Regular musings about those things most important in life--especially family, music, and college athletics. I hope you laugh. Please don't throw rocks at me.

02 August 2005

Nostalgia and Anger Management Issues

Greetings, my adoring public. I give you two things: 1. Much love, for you truly deserve it; 1. Fair warning that in two days you will be completely engulfed by the High Cheese's College Football Spectacular. Brace yourselves, this is powerful.

So I am wasting a few more hours of life the other day playing the brand new NCAA06 College Football video game on my PS2 the other day when I realized how much I missed the old school systems, especially the original Nintendo Entertainment System. Now I know that these have had no small resurgence in popularity--oddly enough among those who never experienced them the first time around--but I mean to tell you that I miss the little things that some throwback-jersey style rennaissance can't appreciate.

Sure, there were some amazing games. In RBI baseball, they little ball players were so slow going around the bases, but once they were out they could outrun the Flash to get back to the bench, regularly eliciting a "why the &$^@! can't he run like that to leg out a triple?" from a player struggling to check his anger (read: me, all the time. NES taught us all that the tongue really is a world of evil set on fire by hell.). And no one can question the power of Tecmobowl--still superior among video game football games. The programmers obviously loved the Raiders in that game--I mean, Howie Long, the 250 lb defensive lineman is the fastest player on the game, and can catch anyone, from any distance. Awesome. Who can forget the joy of Double Dragon, which taught us all that Ninjas do exist, in staggeringly large quantities, and they really do all want to kill you because you are walking down the street in a headband that matches your shirt?

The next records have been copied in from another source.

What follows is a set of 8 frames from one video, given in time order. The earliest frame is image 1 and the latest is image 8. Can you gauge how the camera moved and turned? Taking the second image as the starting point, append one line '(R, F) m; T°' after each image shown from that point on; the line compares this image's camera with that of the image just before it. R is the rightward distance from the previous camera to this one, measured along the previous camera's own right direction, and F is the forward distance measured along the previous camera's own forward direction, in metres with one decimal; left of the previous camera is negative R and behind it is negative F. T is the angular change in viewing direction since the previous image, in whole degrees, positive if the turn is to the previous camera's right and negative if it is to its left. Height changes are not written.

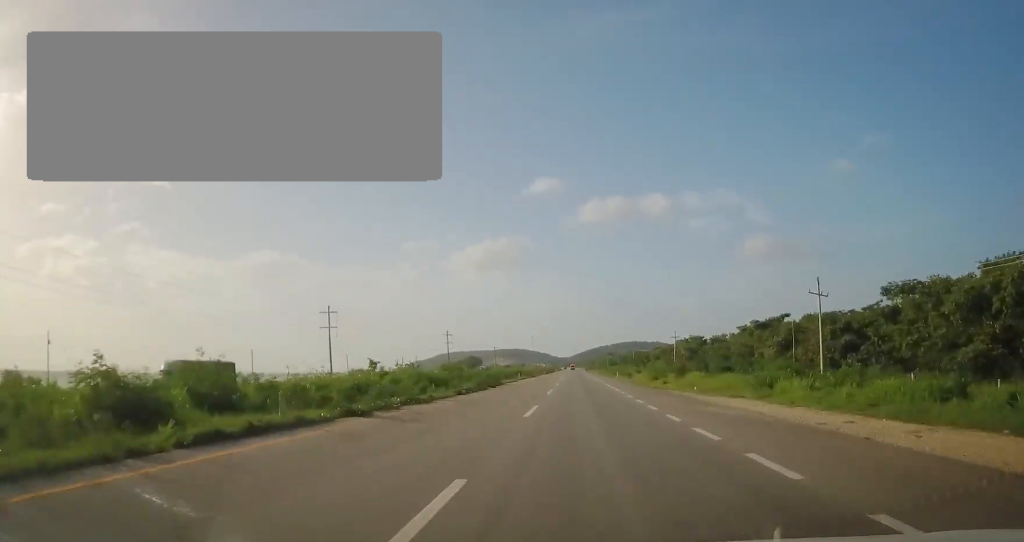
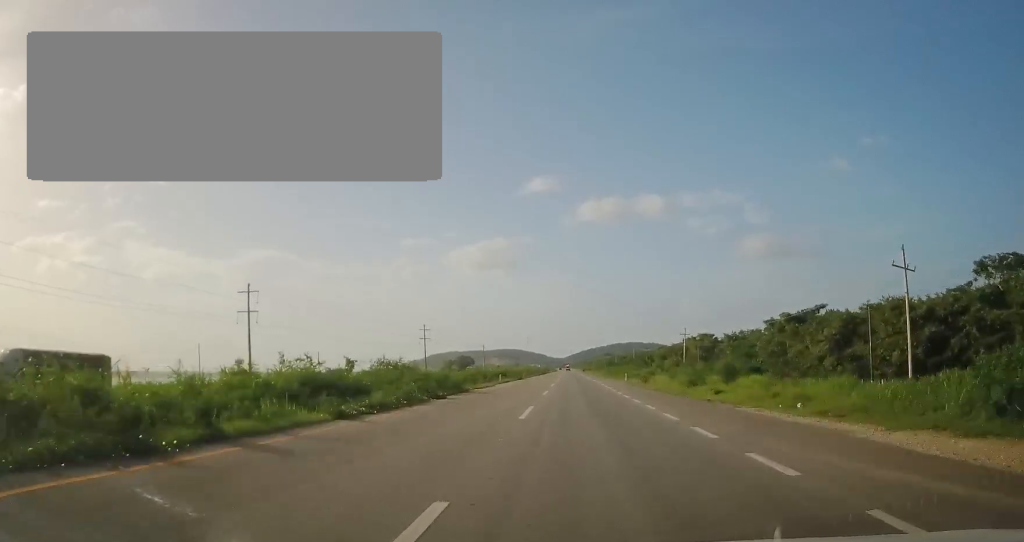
(-0.3, +16.0) m; 0°
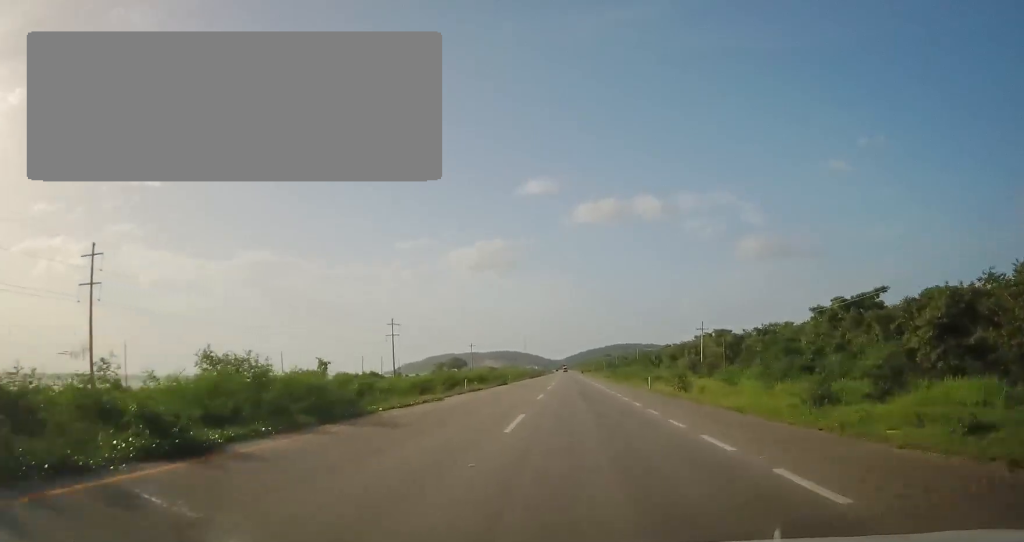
(-0.1, +17.8) m; +1°
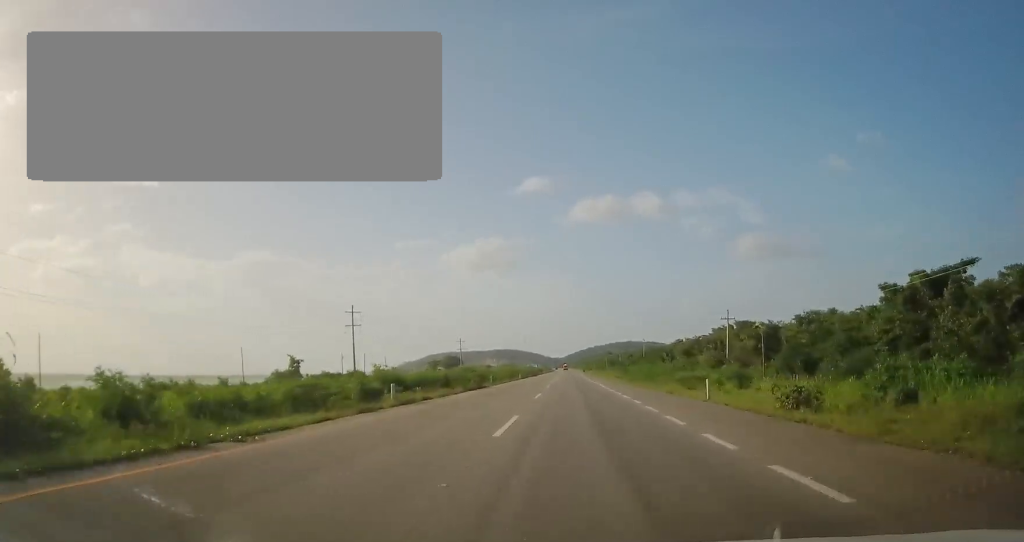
(+0.1, +16.3) m; +1°
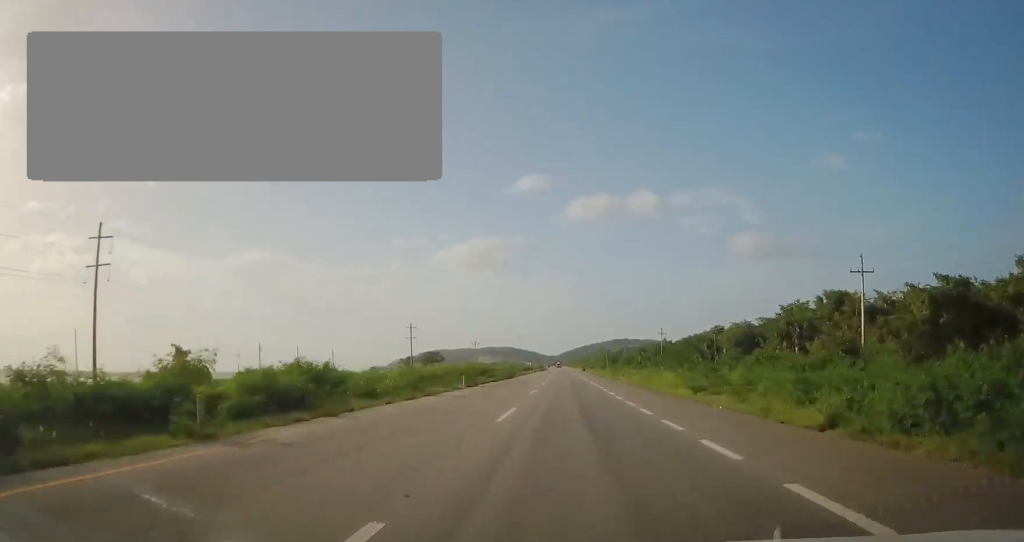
(+0.5, +41.5) m; 0°
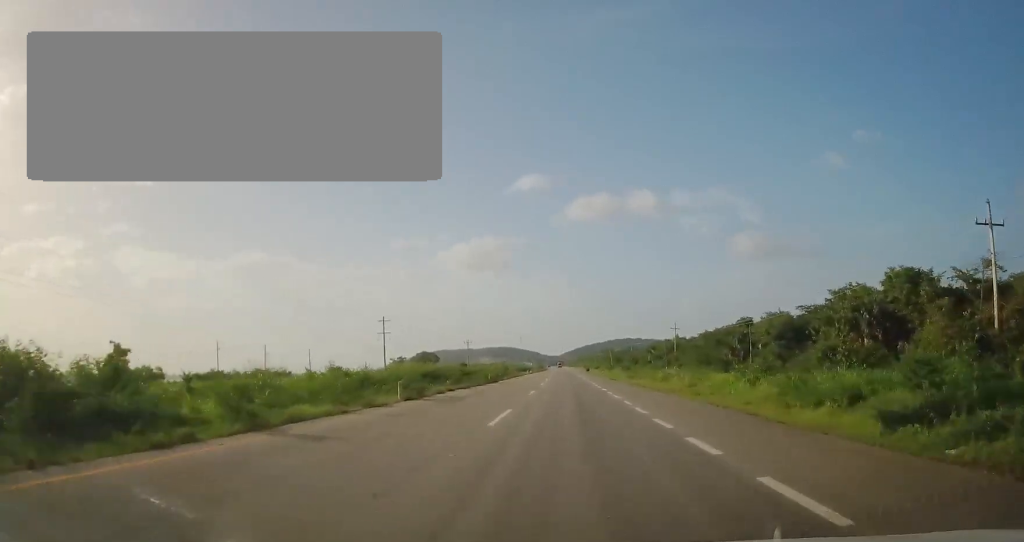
(-0.2, +15.8) m; -1°
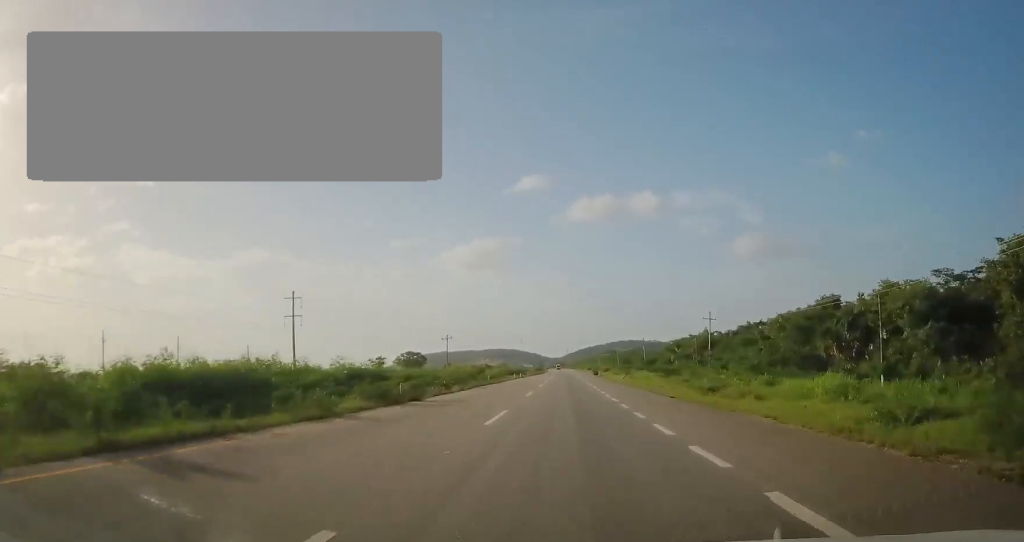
(+0.1, +29.4) m; +1°
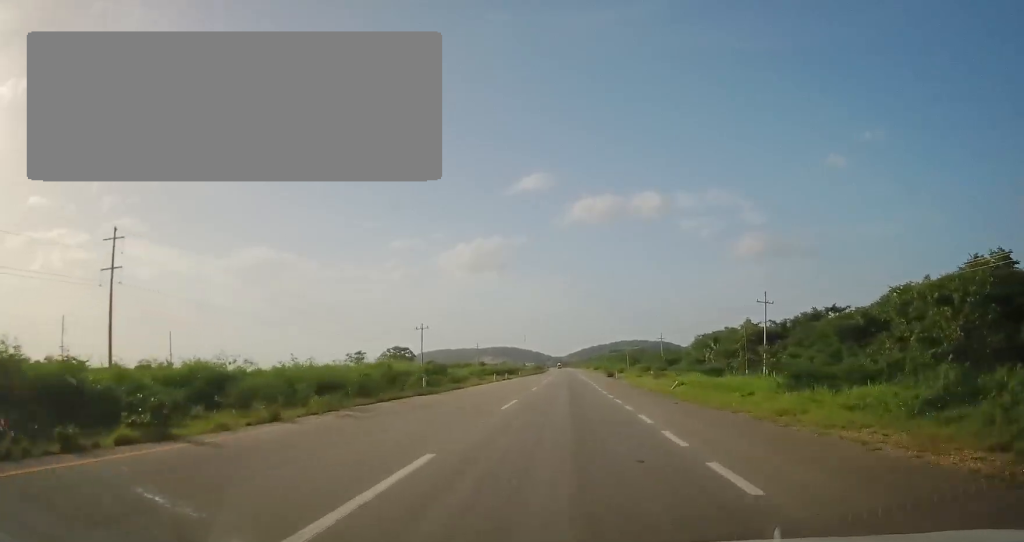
(+0.4, +25.8) m; 0°
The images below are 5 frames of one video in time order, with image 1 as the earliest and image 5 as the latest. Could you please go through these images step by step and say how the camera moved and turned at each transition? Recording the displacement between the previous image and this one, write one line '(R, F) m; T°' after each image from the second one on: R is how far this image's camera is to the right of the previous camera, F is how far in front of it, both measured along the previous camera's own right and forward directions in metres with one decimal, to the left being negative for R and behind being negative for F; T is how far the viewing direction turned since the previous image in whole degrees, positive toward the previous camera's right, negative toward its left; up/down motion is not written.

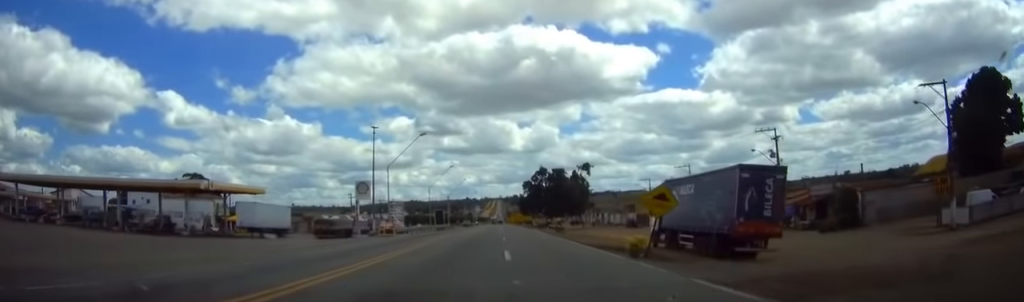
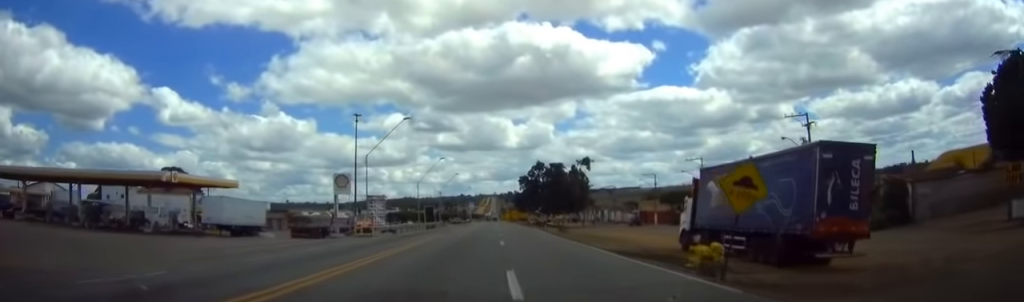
(0.0, +8.8) m; 0°
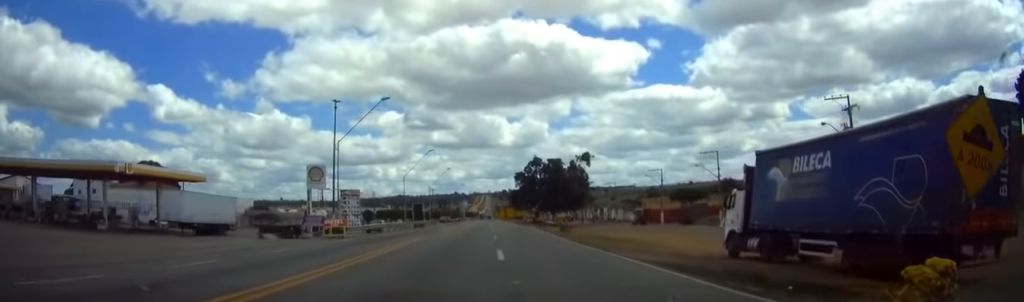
(+0.1, +8.9) m; +1°
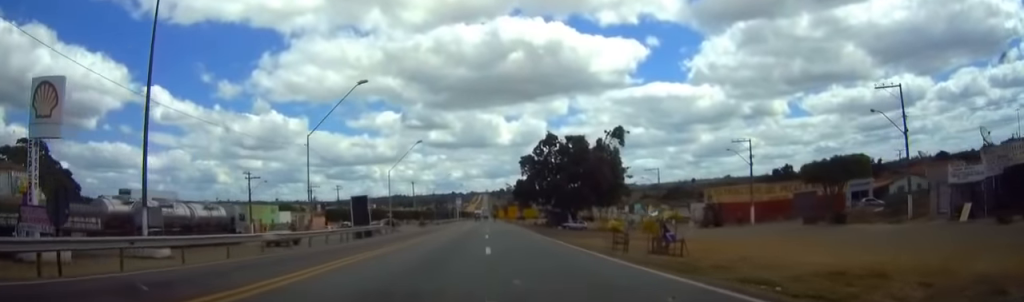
(-0.1, +42.9) m; 0°
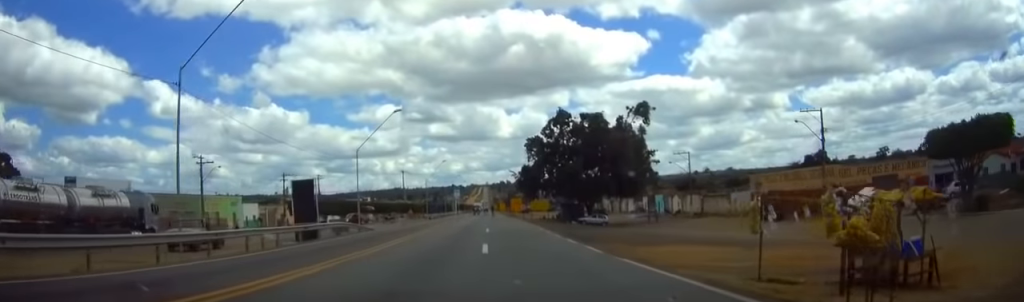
(0.0, +17.8) m; +1°

I will not hesitate to mention to the new generation of "gamers," who in my day were refered to by my father as "lazy @#!&%# dropout nerds," that Final Fantasy began on the NES. To this day, I have to give kudos to my brother for somehow selling me on the idea that weeks of watching him play the game while I was stuck holding a map and giving directions he didn't follow (read: being navigator) was considered fun for me. Ice to Eskimos, baby. Ice to Eskimos.


Mario: Before & After

Luigi recently offered, "Yeah...he may have had some work done, but, quite frankly, who hasn't these days."

Check out their latest project. Amazing. (click on view in another window on the right...well worth the wait)



Actually, though, what I miss most was that the original NES system was virtually indestructable--it was almost as good as the little black box on Airplanes today. I mean, every so often (read: all the time) you would put a game in and all you would get was the blinking screens of death--black, white, black, white... So how do you fix it? The obvious first solution was the "gale force blow" trick. First you took the game positioned the portion of the game that had the actual video programming card sticking out, and you mustered all of the force in your lungs, along with plenty of spit and moisture, and you sent a howling and punishing blast of air down into the small crevasse where this programming card was. Then, naturally, you grabbed the sleek and stylish big, grey box and repeated this aerobic effort only this time breathing/spewing/spitting directly into the most delicate circuitry that the NES had. Sure, the directions said swabbing with alcohol to clean, but we all knew that we simply had to generate enough wind friction to knock the residual filth and corrosion off of the circuitry and it would be fine. This amazingly solved the problem at least 80% of the time.

But, let's suppose you had mastered that maneuver and the game still wouldn't completely load--title scene, white, title scene, white... What next? Well, of course, you turn off the power, eject the game, replace it gently until the game is portruding just enough to not be able to close, and use your strength to cram the loader down with the game much more shallowly inserted than it was ever meant to be inserted. Then you powered back on. This amazingly solved another 15% of the problems.

Alas, at this point, if you weren't making progress, you had already cursed more at it than you would have actually playing game, so you simply retired. Unless of course you decided to beat the machine severely (as if you had not already). It had to learn its place. And learn its place, it did.

Once again, I am astounded by the stength and durability of the NES. I doubt my PS2 could handle any of the above "solutions." The NES put up with this being worked over daily in our house, and for many years. Never did it fail us or give up.

They don't make them like they used to.